## WORK ORDER
Beginning with the line that holds "185.196C233.852 185.196 231.944", write out the remaining lines of the material exactly, the last line included.

## DATA EXTRACT
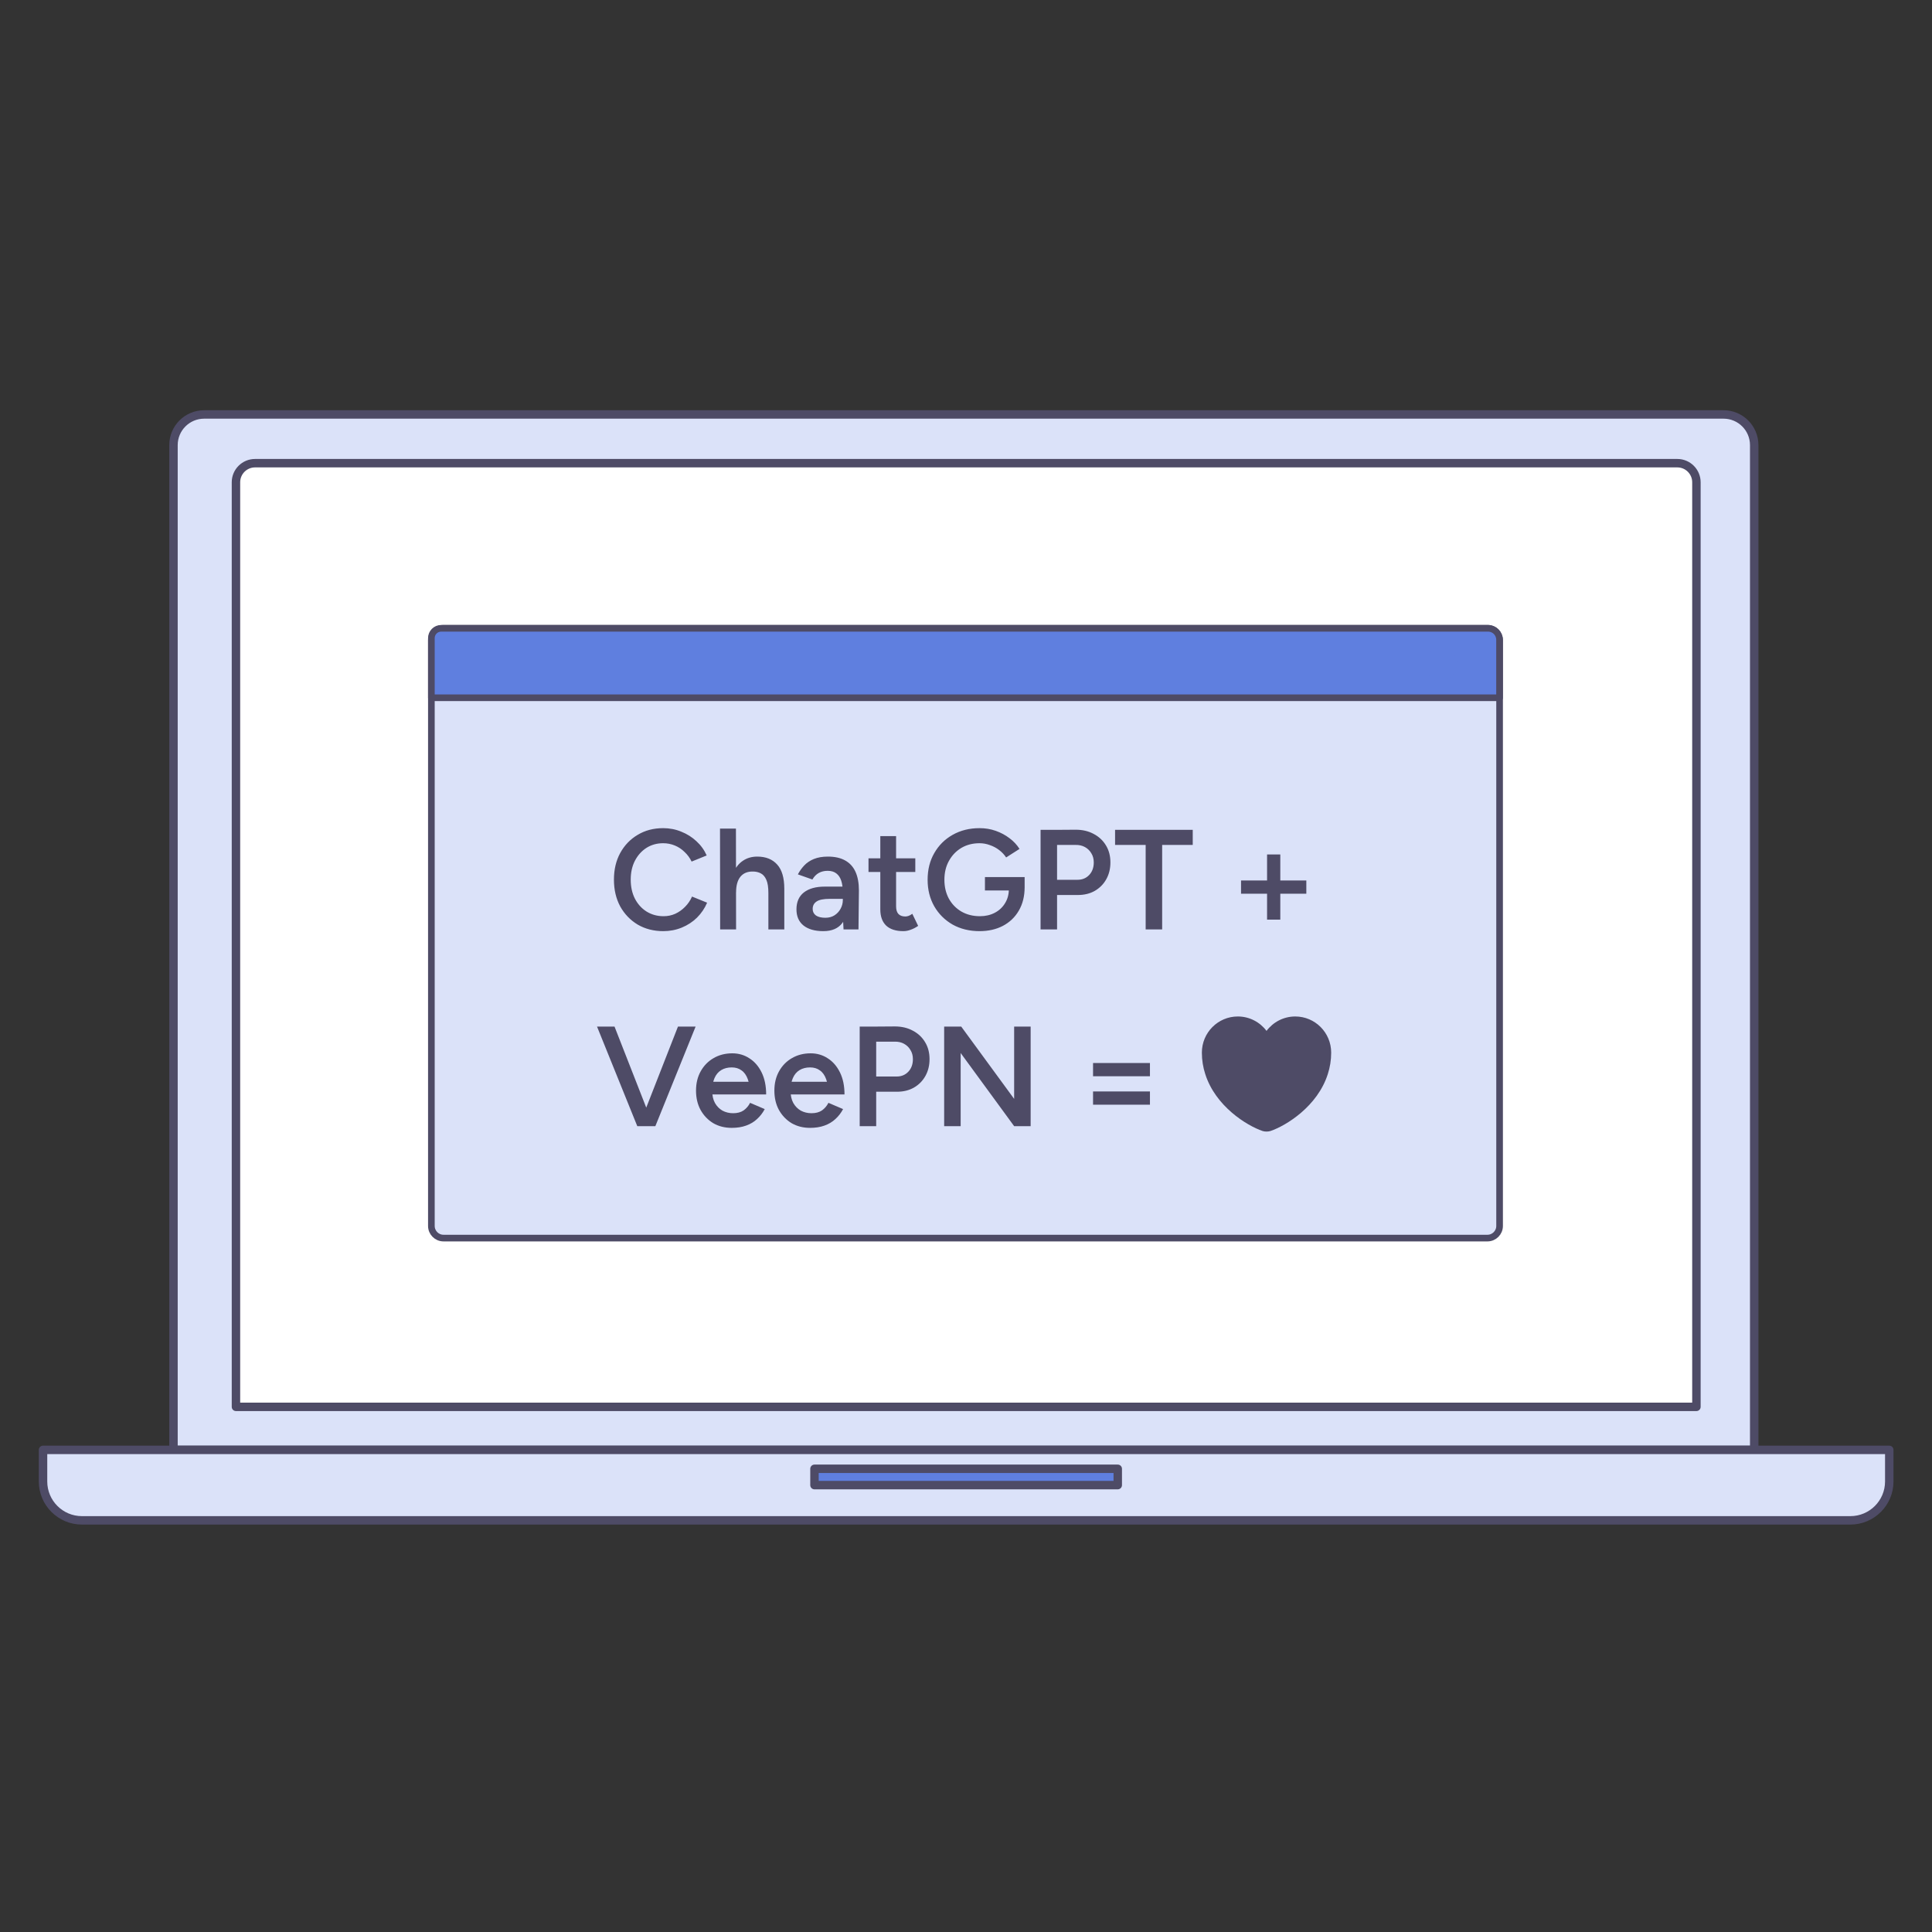 <svg width="352" height="352" viewBox="0 0 352 352" fill="none" xmlns="http://www.w3.org/2000/svg">
<rect x="0" y="0" width="352" height="352" fill="#333333" stroke="none"/>
<path d="M319.607 264.163H31.608V81.098C31.608 78.012 34.11 75.51 37.197 75.51H314.018C317.105 75.51 319.607 78.012 319.607 81.098V264.163Z" fill="#DBE2F9" stroke="#4E4B66" stroke-width="1.538" stroke-miterlimit="10" stroke-linejoin="round"/>
<path d="M309.067 256.319H42.991V87.865C42.991 85.948 44.55 84.389 46.467 84.389H305.602C307.519 84.389 309.078 85.948 309.078 87.865V256.319H309.067Z" fill="white" stroke="#4E4B66" stroke-width="1.538" stroke-miterlimit="10" stroke-linejoin="round"/>
<path d="M337.13 277H14.926C11.02 277 7.841 273.832 7.841 269.915V264.163H344.215V269.915C344.215 273.832 341.036 277 337.13 277Z" fill="#DBE2F9" stroke="#4E4B66" stroke-width="1.538" stroke-miterlimit="10" stroke-linejoin="round"/>
<path d="M203.649 267.608H148.393V270.581H203.649V267.608Z" fill="#5F7FDF" stroke="#4E4B66" stroke-width="1.538" stroke-miterlimit="10" stroke-linejoin="round"/>
<path d="M271.006 225.573H80.806C79.587 225.573 78.595 224.582 78.595 223.364V116.682C78.595 115.464 79.587 114.473 80.806 114.473H271.006C272.225 114.473 273.218 115.464 273.218 116.682V223.373C273.209 224.582 272.225 225.573 271.006 225.573Z" fill="#DBE2F9" stroke="#4E4B66" stroke-width="1.211" stroke-miterlimit="10"/>
<path d="M273.209 127.13H78.595V116.254C78.595 115.271 79.394 114.473 80.378 114.473H271.124C272.276 114.473 273.209 115.405 273.209 116.556V127.13Z" fill="#5F7FDF" stroke="#4E4B66" stroke-width="1.211" stroke-miterlimit="10" stroke-linecap="round" stroke-linejoin="round"/>
<path d="M262.473 124.09C264.117 124.09 265.45 122.759 265.45 121.117C265.45 119.474 264.117 118.143 262.473 118.143C260.828 118.143 259.496 119.474 259.496 121.117C259.496 122.759 260.828 124.09 262.473 124.09Z" fill="#5F7FDF"/>
<path d="M120.849 169.649C119.104 169.649 117.549 169.251 116.184 168.456C114.836 167.644 113.773 166.538 112.996 165.139C112.236 163.722 111.856 162.098 111.856 160.266C111.856 158.435 112.236 156.819 112.996 155.42C113.773 154.003 114.836 152.897 116.184 152.102C117.532 151.29 119.078 150.884 120.823 150.884C121.998 150.884 123.104 151.1 124.141 151.532C125.177 151.947 126.093 152.525 126.888 153.268C127.7 154.011 128.322 154.875 128.754 155.86L126.007 156.975C125.696 156.318 125.272 155.739 124.737 155.238C124.218 154.72 123.622 154.322 122.948 154.046C122.275 153.769 121.566 153.631 120.823 153.631C119.683 153.631 118.663 153.916 117.765 154.486C116.884 155.057 116.184 155.843 115.666 156.845C115.164 157.83 114.914 158.97 114.914 160.266C114.914 161.562 115.164 162.711 115.666 163.713C116.184 164.715 116.892 165.502 117.791 166.072C118.707 166.642 119.743 166.927 120.901 166.927C121.661 166.927 122.37 166.78 123.026 166.487C123.7 166.175 124.296 165.752 124.815 165.217C125.35 164.681 125.774 164.059 126.085 163.35L128.832 164.465C128.4 165.484 127.787 166.391 126.992 167.186C126.197 167.964 125.272 168.569 124.218 169.001C123.164 169.433 122.041 169.649 120.849 169.649ZM131.207 169.337L131.181 150.962H134.084L134.11 169.337H131.207ZM139.994 169.337V162.702L142.896 161.925V169.337H139.994ZM139.994 162.702C139.994 161.666 139.873 160.871 139.631 160.318C139.389 159.748 139.052 159.35 138.62 159.126C138.205 158.901 137.721 158.789 137.169 158.789C136.184 158.772 135.423 159.091 134.888 159.748C134.369 160.404 134.11 161.346 134.11 162.573H132.996C132.996 161.208 133.194 160.042 133.592 159.074C134.007 158.089 134.585 157.346 135.328 156.845C136.071 156.327 136.953 156.067 137.972 156.067C139.527 156.067 140.737 156.551 141.601 157.519C142.464 158.469 142.896 159.938 142.896 161.925L139.994 162.702ZM153.689 169.337L153.56 166.901V162.677C153.56 161.795 153.465 161.061 153.275 160.474C153.085 159.886 152.782 159.437 152.368 159.126C151.97 158.815 151.443 158.659 150.787 158.659C150.182 158.659 149.646 158.789 149.18 159.048C148.713 159.307 148.324 159.705 148.013 160.24L145.37 159.307C145.664 158.737 146.044 158.201 146.51 157.7C146.977 157.199 147.564 156.802 148.273 156.508C148.998 156.214 149.854 156.067 150.838 156.067C152.1 156.067 153.145 156.301 153.975 156.767C154.821 157.234 155.452 157.925 155.867 158.841C156.281 159.756 156.489 160.888 156.489 162.236L156.411 169.337H153.689ZM150.009 169.649C148.454 169.649 147.245 169.303 146.381 168.612C145.534 167.921 145.111 166.944 145.111 165.683C145.111 164.335 145.56 163.307 146.458 162.599C147.374 161.89 148.644 161.536 150.268 161.536H153.741V163.765H151.201C150.044 163.765 149.232 163.929 148.765 164.258C148.299 164.569 148.065 165.018 148.065 165.605C148.065 166.106 148.264 166.504 148.661 166.798C149.076 167.074 149.646 167.212 150.372 167.212C151.011 167.212 151.564 167.065 152.031 166.772C152.515 166.461 152.886 166.063 153.145 165.579C153.422 165.078 153.56 164.543 153.56 163.972H154.623C154.623 165.735 154.242 167.126 153.482 168.145C152.739 169.147 151.581 169.649 150.009 169.649ZM164.586 169.649C163.221 169.649 162.175 169.312 161.45 168.638C160.741 167.947 160.387 166.962 160.387 165.683V152.335H163.264V165.139C163.264 165.744 163.402 166.201 163.679 166.512C163.972 166.823 164.396 166.979 164.949 166.979C165.121 166.979 165.311 166.944 165.519 166.875C165.726 166.806 165.959 166.677 166.219 166.487L167.281 168.69C166.832 169.001 166.383 169.234 165.933 169.389C165.484 169.562 165.035 169.649 164.586 169.649ZM158.236 158.867V156.378H166.763V158.867H158.236ZM178.467 169.649C176.635 169.649 175.002 169.251 173.568 168.456C172.152 167.644 171.037 166.538 170.225 165.139C169.413 163.722 169.007 162.106 169.007 160.292C169.007 158.443 169.413 156.819 170.225 155.42C171.037 154.003 172.152 152.897 173.568 152.102C175.002 151.29 176.635 150.884 178.467 150.884C179.521 150.884 180.506 151.048 181.422 151.376C182.355 151.705 183.193 152.154 183.936 152.724C184.679 153.277 185.283 153.925 185.75 154.668L183.314 156.223C182.985 155.722 182.562 155.273 182.044 154.875C181.525 154.478 180.955 154.175 180.333 153.968C179.728 153.743 179.106 153.631 178.467 153.631C177.223 153.631 176.117 153.916 175.149 154.486C174.199 155.057 173.447 155.843 172.894 156.845C172.342 157.83 172.065 158.979 172.065 160.292C172.065 161.571 172.333 162.711 172.869 163.713C173.421 164.715 174.182 165.502 175.149 166.072C176.134 166.642 177.266 166.927 178.545 166.927C179.547 166.927 180.445 166.72 181.24 166.305C182.035 165.89 182.657 165.312 183.106 164.569C183.573 163.826 183.806 162.97 183.806 162.003L186.683 161.64C186.683 163.281 186.329 164.707 185.62 165.916C184.929 167.109 183.961 168.033 182.717 168.69C181.491 169.329 180.074 169.649 178.467 169.649ZM179.452 162.236V159.8H186.683V161.821L185.076 162.236H179.452ZM192.307 163.065V160.292H196.324C197.188 160.292 197.897 159.998 198.45 159.411C199.003 158.823 199.279 158.063 199.279 157.13C199.279 156.491 199.132 155.938 198.838 155.471C198.562 154.988 198.173 154.607 197.672 154.331C197.171 154.055 196.592 153.925 195.936 153.942H192.307V151.195L195.987 151.169C197.232 151.169 198.329 151.428 199.279 151.947C200.229 152.448 200.972 153.147 201.508 154.046C202.044 154.927 202.311 155.955 202.311 157.13C202.311 158.271 202.061 159.29 201.56 160.188C201.059 161.087 200.359 161.795 199.46 162.314C198.579 162.815 197.551 163.065 196.376 163.065H192.307ZM189.586 169.337V151.195H192.592V169.337H189.586ZM208.733 169.337V152.698H211.739V169.337H208.733ZM203.16 153.942V151.195H217.311V153.942H203.16ZM230.853 167.549V155.679H233.263V167.549H230.853ZM226.11 162.832V160.422H238.006V162.832H226.11Z" fill="#4E4B66"/>
<path d="M116.421 205.18L123.522 187.038H126.736L119.402 205.18H116.421ZM116.11 205.18L108.775 187.038H111.963L119.065 205.18H116.11ZM133.317 205.491C132.056 205.491 130.932 205.206 129.948 204.636C128.98 204.049 128.211 203.245 127.641 202.226C127.088 201.206 126.811 200.031 126.811 198.701C126.811 197.37 127.097 196.195 127.667 195.176C128.237 194.157 129.014 193.362 129.999 192.792C131.002 192.204 132.142 191.91 133.421 191.91C134.578 191.91 135.615 192.213 136.531 192.817C137.464 193.405 138.207 194.26 138.76 195.383C139.313 196.506 139.589 197.846 139.589 199.401H136.66C136.66 198.278 136.522 197.353 136.246 196.627C135.986 195.902 135.606 195.366 135.105 195.021C134.621 194.658 134.025 194.476 133.317 194.476C132.574 194.476 131.935 194.64 131.399 194.969C130.863 195.297 130.457 195.781 130.181 196.42C129.904 197.042 129.766 197.828 129.766 198.779C129.766 199.625 129.93 200.351 130.259 200.956C130.604 201.561 131.062 202.027 131.632 202.355C132.22 202.666 132.868 202.822 133.576 202.822C134.354 202.822 134.993 202.649 135.494 202.303C135.995 201.941 136.384 201.483 136.66 200.93L139.33 202.07C138.967 202.761 138.5 203.366 137.93 203.884C137.377 204.403 136.712 204.8 135.935 205.077C135.174 205.353 134.302 205.491 133.317 205.491ZM128.729 199.401V197.094H138.06V199.401H128.729ZM147.592 205.491C146.331 205.491 145.208 205.206 144.223 204.636C143.255 204.049 142.486 203.245 141.916 202.226C141.363 201.206 141.087 200.031 141.087 198.701C141.087 197.37 141.372 196.195 141.942 195.176C142.512 194.157 143.29 193.362 144.274 192.792C145.277 192.204 146.417 191.91 147.696 191.91C148.853 191.91 149.89 192.213 150.806 192.817C151.739 193.405 152.482 194.26 153.035 195.383C153.588 196.506 153.864 197.846 153.864 199.401H150.935C150.935 198.278 150.797 197.353 150.521 196.627C150.262 195.902 149.881 195.366 149.38 195.021C148.897 194.658 148.3 194.476 147.592 194.476C146.849 194.476 146.21 194.64 145.674 194.969C145.138 195.297 144.732 195.781 144.456 196.42C144.179 197.042 144.041 197.828 144.041 198.779C144.041 199.625 144.205 200.351 144.534 200.956C144.879 201.561 145.337 202.027 145.907 202.355C146.495 202.666 147.143 202.822 147.851 202.822C148.629 202.822 149.268 202.649 149.769 202.303C150.27 201.941 150.659 201.483 150.935 200.93L153.605 202.07C153.242 202.761 152.776 203.366 152.205 203.884C151.652 204.403 150.987 204.8 150.21 205.077C149.449 205.353 148.577 205.491 147.592 205.491ZM143.005 199.401V197.094H152.335V199.401H143.005ZM159.353 198.908V196.135H163.37C164.234 196.135 164.943 195.841 165.496 195.254C166.049 194.666 166.325 193.906 166.325 192.973C166.325 192.334 166.178 191.781 165.884 191.314C165.608 190.83 165.219 190.45 164.718 190.174C164.217 189.897 163.638 189.768 162.982 189.785H159.353V187.038L163.033 187.012C164.278 187.012 165.375 187.271 166.325 187.789C167.275 188.29 168.018 188.99 168.554 189.889C169.09 190.77 169.357 191.798 169.357 192.973C169.357 194.113 169.107 195.133 168.606 196.031C168.105 196.93 167.405 197.638 166.506 198.157C165.625 198.658 164.597 198.908 163.422 198.908H159.353ZM156.632 205.18V187.038H159.638V205.18H156.632ZM184.772 205.18L172.72 188.697L175.131 187.038L187.157 203.47L184.772 205.18ZM172.021 205.18V187.038H175.131L175.027 189.63V205.18H172.021ZM184.772 205.18V187.038H187.779V205.18H184.772ZM199.147 196.083V193.673H209.514V196.083H199.147ZM199.147 201.267V198.856H209.514V201.267H199.147Z" fill="#4E4B66"/>
<path d="M235.985 185.196C233.852 185.196 231.944 186.233 230.754 187.823C229.564 186.233 227.656 185.196 225.524 185.196C221.907 185.196 218.974 188.141 218.974 191.781C218.974 193.183 219.198 194.479 219.587 195.68C221.448 201.57 227.185 205.093 230.024 206.059C230.424 206.2 231.084 206.2 231.485 206.059C234.324 205.093 240.06 201.57 241.922 195.68C242.31 194.479 242.534 193.183 242.534 191.781C242.534 188.141 239.601 185.196 235.985 185.196Z" fill="#4E4B66"/>
</svg>

## SOLUTION BELOW
<path d="M235.985 185.196C233.852 185.196 231.944 186.233 230.754 187.823C229.564 186.233 227.656 185.196 225.524 185.196C221.907 185.196 218.974 188.141 218.974 191.781C218.974 193.183 219.198 194.479 219.587 195.68C221.448 201.57 227.185 205.093 230.024 206.059C230.424 206.2 231.084 206.2 231.485 206.059C234.324 205.093 240.06 201.57 241.922 195.68C242.31 194.479 242.534 193.183 242.534 191.781C242.534 188.141 239.601 185.196 235.985 185.196Z" fill="#4E4B66"/>
</svg>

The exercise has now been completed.